• **BRIEF**:
The reply should contain every entry exactly as given, with no pictures in it.

• **DATASET**:
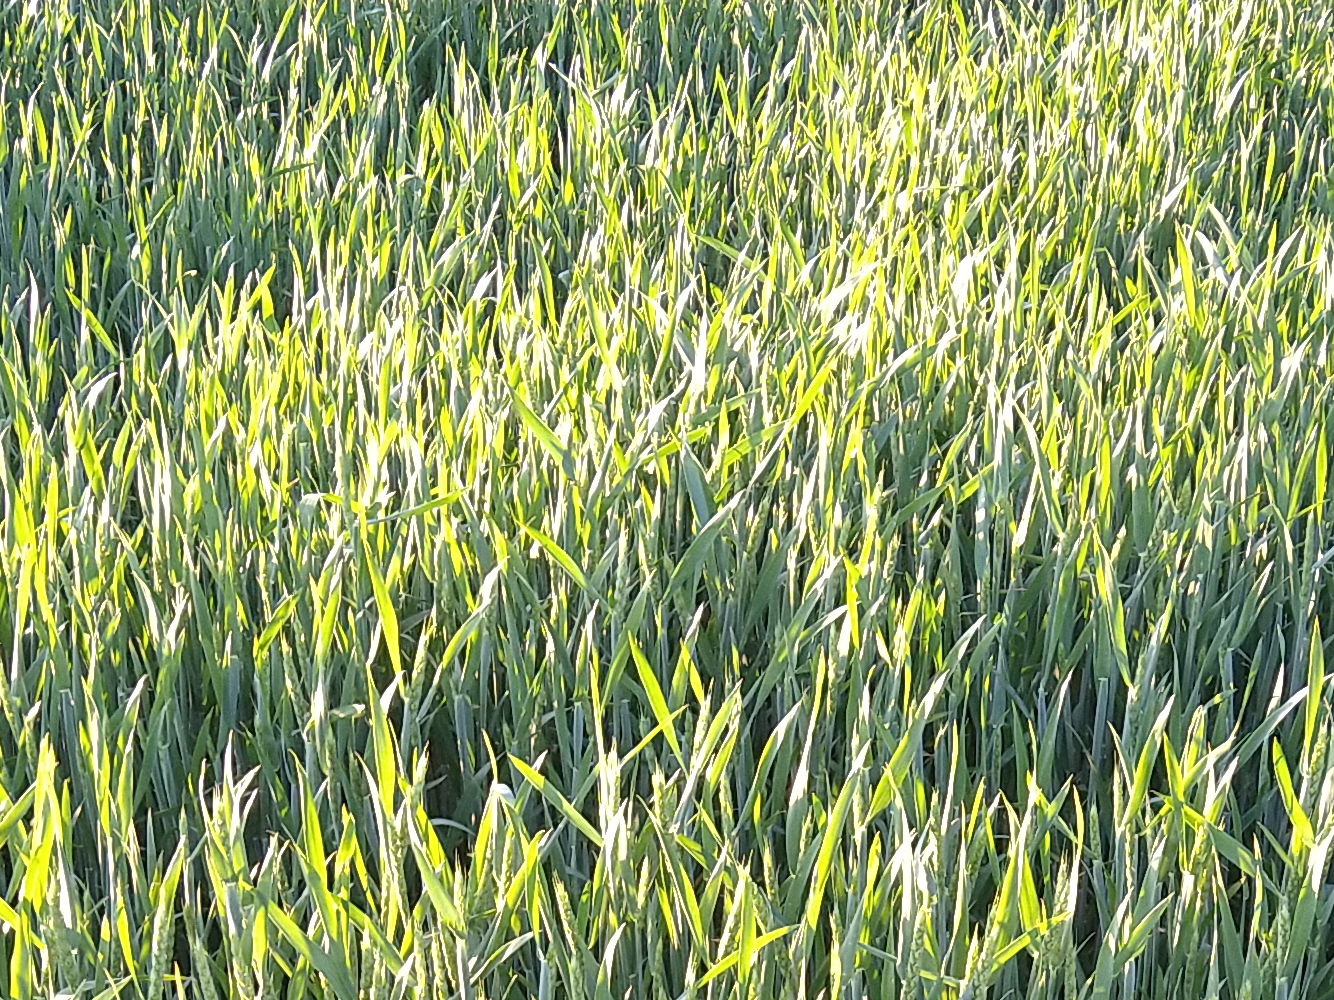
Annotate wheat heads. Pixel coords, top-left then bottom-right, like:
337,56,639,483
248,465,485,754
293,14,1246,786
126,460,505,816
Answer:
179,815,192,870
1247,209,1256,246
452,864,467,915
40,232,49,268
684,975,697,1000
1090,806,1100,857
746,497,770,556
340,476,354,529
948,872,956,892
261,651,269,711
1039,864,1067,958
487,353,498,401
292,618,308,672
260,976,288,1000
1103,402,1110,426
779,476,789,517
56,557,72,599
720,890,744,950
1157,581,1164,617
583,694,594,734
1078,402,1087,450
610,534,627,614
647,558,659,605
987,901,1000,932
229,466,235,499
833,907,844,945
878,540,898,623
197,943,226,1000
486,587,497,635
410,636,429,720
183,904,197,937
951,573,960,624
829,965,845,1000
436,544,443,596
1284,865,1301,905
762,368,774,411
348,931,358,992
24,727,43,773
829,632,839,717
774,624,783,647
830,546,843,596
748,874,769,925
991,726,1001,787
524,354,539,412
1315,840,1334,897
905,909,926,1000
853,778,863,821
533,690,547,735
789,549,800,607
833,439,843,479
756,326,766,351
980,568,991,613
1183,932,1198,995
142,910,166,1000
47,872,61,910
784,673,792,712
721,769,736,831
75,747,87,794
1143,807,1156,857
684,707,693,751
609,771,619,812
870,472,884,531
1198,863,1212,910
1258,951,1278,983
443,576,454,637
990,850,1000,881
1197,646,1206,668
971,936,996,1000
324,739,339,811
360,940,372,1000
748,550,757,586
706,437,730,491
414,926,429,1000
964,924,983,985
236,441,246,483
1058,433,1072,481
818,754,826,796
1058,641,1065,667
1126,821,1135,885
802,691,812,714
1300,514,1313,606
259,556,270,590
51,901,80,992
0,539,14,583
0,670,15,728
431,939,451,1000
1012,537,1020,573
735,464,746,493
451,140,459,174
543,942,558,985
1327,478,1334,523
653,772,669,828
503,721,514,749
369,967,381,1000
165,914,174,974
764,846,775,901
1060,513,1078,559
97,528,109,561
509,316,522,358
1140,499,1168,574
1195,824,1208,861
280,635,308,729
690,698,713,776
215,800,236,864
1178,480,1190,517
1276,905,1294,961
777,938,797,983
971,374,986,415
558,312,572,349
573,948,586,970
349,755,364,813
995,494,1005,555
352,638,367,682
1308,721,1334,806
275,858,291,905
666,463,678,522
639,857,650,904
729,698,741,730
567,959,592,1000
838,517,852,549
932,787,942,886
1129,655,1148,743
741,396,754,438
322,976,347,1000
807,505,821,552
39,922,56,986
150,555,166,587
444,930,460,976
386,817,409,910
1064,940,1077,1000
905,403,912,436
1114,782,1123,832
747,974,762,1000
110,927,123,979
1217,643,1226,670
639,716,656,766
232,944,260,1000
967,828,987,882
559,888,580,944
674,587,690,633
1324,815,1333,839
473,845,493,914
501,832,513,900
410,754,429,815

• **SOLUTION TO THIS TASK**:
Annotate wheat heads. Pixel coords, top-left then bottom-right, like:
337,56,639,483
248,465,485,754
293,14,1246,786
126,460,505,816
Answer:
179,815,192,870
1247,209,1256,246
452,864,467,915
40,232,49,268
684,975,697,1000
1090,806,1100,857
746,497,770,556
340,476,354,529
948,872,956,892
261,651,269,711
1039,864,1067,958
487,353,498,401
292,618,308,672
260,976,288,1000
1103,402,1110,426
779,476,789,517
56,557,72,599
720,890,744,950
1157,581,1164,617
583,694,594,734
1078,402,1087,450
610,534,627,614
647,558,659,605
987,901,1000,932
229,466,235,499
833,907,844,945
878,540,898,623
197,943,226,1000
486,587,497,635
410,636,429,720
183,904,197,937
951,573,960,624
829,965,845,1000
436,544,443,596
1284,865,1301,905
762,368,774,411
348,931,358,992
24,727,43,773
829,632,839,717
774,624,783,647
830,546,843,596
748,874,769,925
991,726,1001,787
524,354,539,412
1315,840,1334,897
905,909,926,1000
853,778,863,821
533,690,547,735
789,549,800,607
833,439,843,479
756,326,766,351
980,568,991,613
1183,932,1198,995
142,910,166,1000
47,872,61,910
784,673,792,712
721,769,736,831
75,747,87,794
1143,807,1156,857
684,707,693,751
609,771,619,812
870,472,884,531
1198,863,1212,910
1258,951,1278,983
443,576,454,637
990,850,1000,881
1197,646,1206,668
971,936,996,1000
324,739,339,811
360,940,372,1000
748,550,757,586
706,437,730,491
414,926,429,1000
964,924,983,985
236,441,246,483
1058,433,1072,481
818,754,826,796
1058,641,1065,667
1126,821,1135,885
802,691,812,714
1300,514,1313,606
259,556,270,590
51,901,80,992
0,539,14,583
0,670,15,728
431,939,451,1000
1012,537,1020,573
735,464,746,493
451,140,459,174
543,942,558,985
1327,478,1334,523
653,772,669,828
503,721,514,749
369,967,381,1000
165,914,174,974
764,846,775,901
1060,513,1078,559
97,528,109,561
509,316,522,358
1140,499,1168,574
1195,824,1208,861
280,635,308,729
690,698,713,776
215,800,236,864
1178,480,1190,517
1276,905,1294,961
777,938,797,983
971,374,986,415
558,312,572,349
573,948,586,970
349,755,364,813
995,494,1005,555
352,638,367,682
1308,721,1334,806
275,858,291,905
666,463,678,522
639,857,650,904
729,698,741,730
567,959,592,1000
838,517,852,549
932,787,942,886
1129,655,1148,743
741,396,754,438
322,976,347,1000
807,505,821,552
39,922,56,986
150,555,166,587
444,930,460,976
386,817,409,910
1064,940,1077,1000
905,403,912,436
1114,782,1123,832
747,974,762,1000
110,927,123,979
1217,643,1226,670
639,716,656,766
232,944,260,1000
967,828,987,882
559,888,580,944
674,587,690,633
1324,815,1333,839
473,845,493,914
501,832,513,900
410,754,429,815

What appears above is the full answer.